After having a beer to cool ourselves, we went back to Sweet Inn to check in to our rooms.
After we checked in, we freshened up and then stepped out again for lunch.
Considered to be the national dish of Malaysia, Nasi Lemak consists of some rice, roasted peanuts, papadam bits, small dried anchovies, boiled egg and and sambal, a spicy sauce (in the above photo, it’s the red one with calamari in it). The meal is filling and is usually very reasonably priced.
After lunch, instead of taking a nap, we decided to rent bikes and head to the Langkawi Sky Bridge while the sun was still up.
We rented 2 scooters at RM22 (Rs. 325/$7/€5) each for 24hrs.
The rental shop made a note of all the pre-existing scratches and damages before handing it over to us.
It’s best you inspect the bike as carefully as possible, so that they cannot point at any scratch or damage on the bike claiming you did that when you return it.
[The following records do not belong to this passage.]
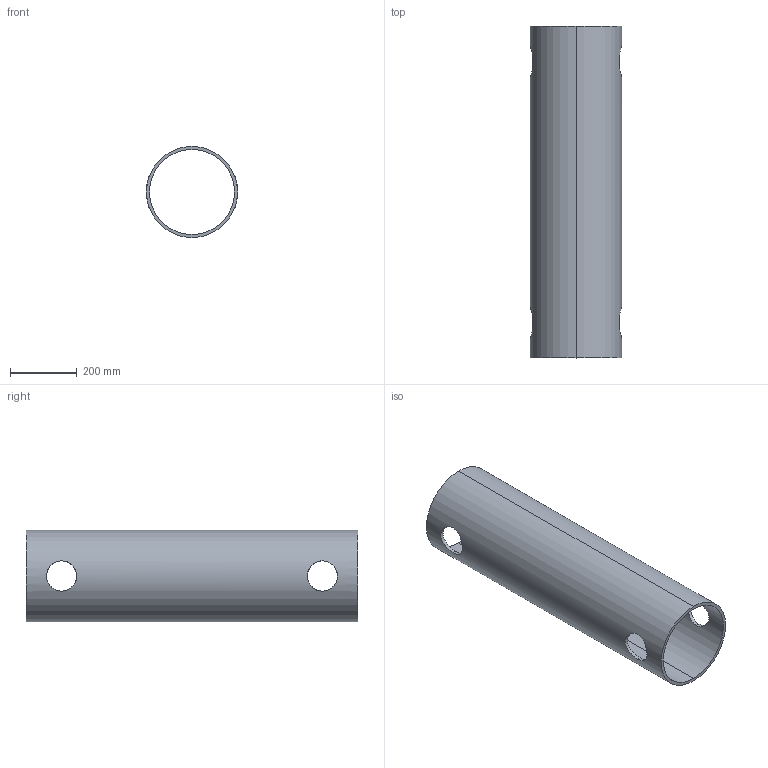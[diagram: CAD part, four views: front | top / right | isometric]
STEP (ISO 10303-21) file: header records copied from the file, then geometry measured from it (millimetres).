
FILE_DESCRIPTION (( 'STEP AP203' ), '1' );
FILE_NAME ('PSA-3.STEP', '2021-03-11T19:01:10', ( '' ), ( '' ), 'SwSTEP 2.0', 'SolidWorks 2021', '' );
FILE_SCHEMA (( 'CONFIG_CONTROL_DESIGN' ));
Length unit declared in the file: inch
Products named in the file (1): PSA-3
Bounding box: 273.05 x 993.77 x 273.05 mm (x, y, z)
Volume: 7392733.7 mm3; surface area: 1621052.3 mm2
Topology: 1 solids, 1 shells, 14 faces, 36 edges, 24 vertices
Faces by surface type: cylinder 12, plane 2
Entity records: 1535 total; most frequent: CARTESIAN_POINT 1115, ORIENTED_EDGE 72, DIRECTION 58, EDGE_CURVE 36, EDGE_LOOP 24, VERTEX_POINT 24, AXIS2_PLACEMENT_3D 23, B_SPLINE_CURVE_WITH_KNOTS 16
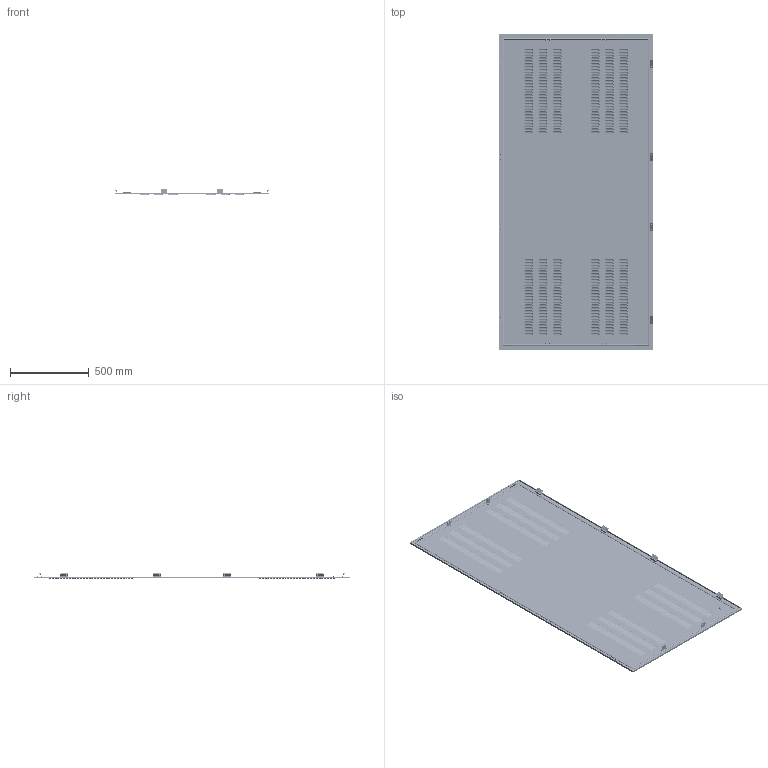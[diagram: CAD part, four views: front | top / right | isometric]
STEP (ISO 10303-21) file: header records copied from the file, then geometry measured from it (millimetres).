
FILE_DESCRIPTION (( 'STEP AP203' ), '1' );
FILE_NAME ('FO-00-PSV-200-100-31 FORMAT Ïàíåëü áîêîâàÿ 2000õ1000 IP54 IEK.STEP', '2025-01-21T07:32:42', ( '' ), ( '' ), 'SwSTEP 2.0', 'SolidWorks 2022', '' );
FILE_SCHEMA (( 'CONFIG_CONTROL_DESIGN' ));
Products named in the file (1): FO-00-PSV-200-100-31 FORMAT Панель боковая 2000х1000 IP54 IEK
Bounding box: 981.68 x 2000 x 41.43 mm (x, y, z)
Volume: 3239687 mm3; surface area: 4296170.3 mm2
Topology: 13 solids, 13 shells, 7391 faces, 19443 edges, 12197 vertices
Faces by surface type: torus 2800, cylinder 2293, plane 2042, cone 252, bspline 4
Entity records: 234213 total; most frequent: DIRECTION 46756, CARTESIAN_POINT 39294, ORIENTED_EDGE 38886, AXIS2_PLACEMENT_3D 19943, EDGE_CURVE 19443, CIRCLE 12555, VERTEX_POINT 12197, EDGE_LOOP 8254
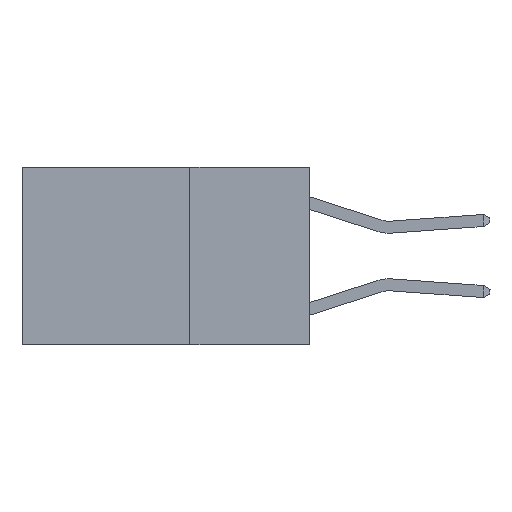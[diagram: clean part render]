
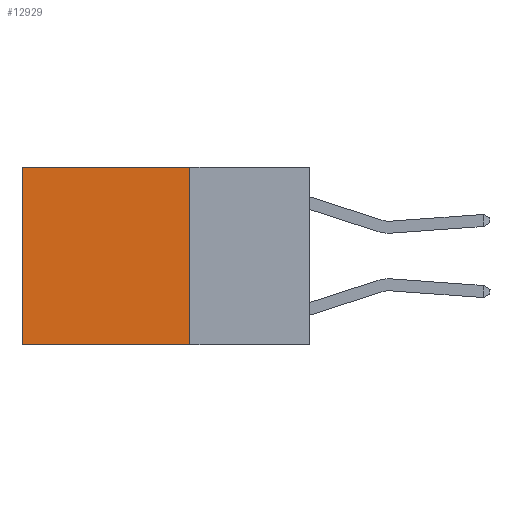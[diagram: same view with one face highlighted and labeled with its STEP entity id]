
A CAD part, left-side view. The second image highlights one B-rep face of the part: STEP entity #12929.
In plain terms, the highlighted planar face has unit normal (-1, 0, 0).
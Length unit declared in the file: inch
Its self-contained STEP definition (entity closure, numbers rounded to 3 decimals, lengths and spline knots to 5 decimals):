
#1680 = CARTESIAN_POINT ( 'NONE',  ( 0.2625, 0.6, 0. ) ) ;
#2381 = CARTESIAN_POINT ( 'NONE',  ( 0.2625, 0.6, -0.37 ) ) ;
#2938 = CARTESIAN_POINT ( 'NONE',  ( 0.2625, 0.25, -0.37 ) ) ;
#3723 = CARTESIAN_POINT ( 'NONE',  ( 0.2625, 0.25, 0. ) ) ;
#3961 = VECTOR ( 'NONE', #14914, 39.37008 ) ;
#4399 = DIRECTION ( 'NONE',  ( 1., 0., 0. ) ) ;
#5356 = AXIS2_PLACEMENT_3D ( 'NONE', #14517, #4399, #16286 ) ;
#5441 = DIRECTION ( 'NONE',  ( 0., 1., 0. ) ) ;
#6928 = FACE_OUTER_BOUND ( 'NONE', #20897, .T. ) ;
#7268 = LINE ( 'NONE', #3723, #20198 ) ;
#7947 = EDGE_CURVE ( 'NONE', #18998, #18160, #17511, .T. ) ;
#9535 = LINE ( 'NONE', #14633, #13528 ) ;
#9929 = ORIENTED_EDGE ( 'NONE', *, *, #15138, .F. ) ;
#10148 = ORIENTED_EDGE ( 'NONE', *, *, #19132, .T. ) ;
#10496 = ORIENTED_EDGE ( 'NONE', *, *, #7947, .F. ) ;
#11304 = DIRECTION ( 'NONE',  ( 0., 0., -1. ) ) ;
#11369 = CARTESIAN_POINT ( 'NONE',  ( 0.2625, 0.25, 0. ) ) ;
#11797 = VECTOR ( 'NONE', #13578, 39.37008 ) ;
#12929 = ADVANCED_FACE ( 'NONE', ( #6928 ), #14588, .F. ) ;
#13528 = VECTOR ( 'NONE', #11304, 39.37008 ) ;
#13578 = DIRECTION ( 'NONE',  ( 0., 0., -1. ) ) ;
#14517 = CARTESIAN_POINT ( 'NONE',  ( 0.2625, 0.25, 0. ) ) ;
#14588 = PLANE ( 'NONE',  #5356 ) ;
#14633 = CARTESIAN_POINT ( 'NONE',  ( 0.2625, 0.25, 0. ) ) ;
#14914 = DIRECTION ( 'NONE',  ( 0., 1., 0. ) ) ;
#15138 = EDGE_CURVE ( 'NONE', #21610, #18998, #9535, .T. ) ;
#16284 = LINE ( 'NONE', #1680, #11797 ) ;
#16286 = DIRECTION ( 'NONE',  ( 0., 0., -1. ) ) ;
#16863 = VERTEX_POINT ( 'NONE', #19602 ) ;
#16947 = ORIENTED_EDGE ( 'NONE', *, *, #18019, .T. ) ;
#17511 = LINE ( 'NONE', #2938, #3961 ) ;
#18019 = EDGE_CURVE ( 'NONE', #21610, #16863, #7268, .T. ) ;
#18160 = VERTEX_POINT ( 'NONE', #2381 ) ;
#18998 = VERTEX_POINT ( 'NONE', #21525 ) ;
#19132 = EDGE_CURVE ( 'NONE', #16863, #18160, #16284, .T. ) ;
#19602 = CARTESIAN_POINT ( 'NONE',  ( 0.2625, 0.6, 0. ) ) ;
#20198 = VECTOR ( 'NONE', #5441, 39.37008 ) ;
#20897 = EDGE_LOOP ( 'NONE', ( #10148, #10496, #9929, #16947 ) ) ;
#21525 = CARTESIAN_POINT ( 'NONE',  ( 0.2625, 0.25, -0.37 ) ) ;
#21610 = VERTEX_POINT ( 'NONE', #11369 ) ;

Helmets on, we set off. Ramesh rode solo while I rode with Loi sitting behind me.
We stopped here on the bridge to take a few photos.
We moved on.
Then, up ahead is a signal. From the signal, you have to take a left turn.
After setting off at 2pm, by 4pm we were at the Langkawi Geopark. It’s not that the journey takes that long, we just stopped on the way quite a bit.
We got into the cable car and continued up.
Apparently the final scene of the Hindi film Don (starring Shah Rukh Khan) was filmed on the sky bridge. I didn’t see the film, but that’s what Ramesh & Loi said.
If you want a video of the sky bridge, watch this HD capture by Ramesh:
The sun was setting, so we decided to head back down.
Ramesh took video of our journey back down:
(You can view it in HD for better clarity)
Once down, we checked out the Oriental Village.
The Oriental Village mostly comprises of shops, restaurants and other services like massage spas. We were a bit hungry so we sat in a cafe to have something to eat.
It was was past 6pm, which is also closing time for the cable car ride. We wanted to make the most of whatever sunlight was available while heading back. So we set off…
As darkness fell, we still managed to get back to Pantai Cenang beach road in around 45 minutes. Instead of heading back to our rooms, we decided to make the most of the bikes while we had them. We drove straight, on to Pantai Tengah beach and past it as well, until we hit a dead end which looked like another docking bay for boats.
So we made our way back and decided to return the bikes tonight itself.
The reason why we returned them is because the next morning we had booked ourselves for an island-hopping tour which would last until afternoon. So by the time we would have gotten back to our rooms, it would have been past the 24-hour limit.
(I kinda wanted to try it though)
We had a large plate of fries, some beers, and some pasta; all of which came to around RM44 (Rs. 650).
With that, day one in Langkawi came to a close! We had woken up early in Penang today morning and tomorrow, we had to wake up early again for our pick up for the island-hopping tour.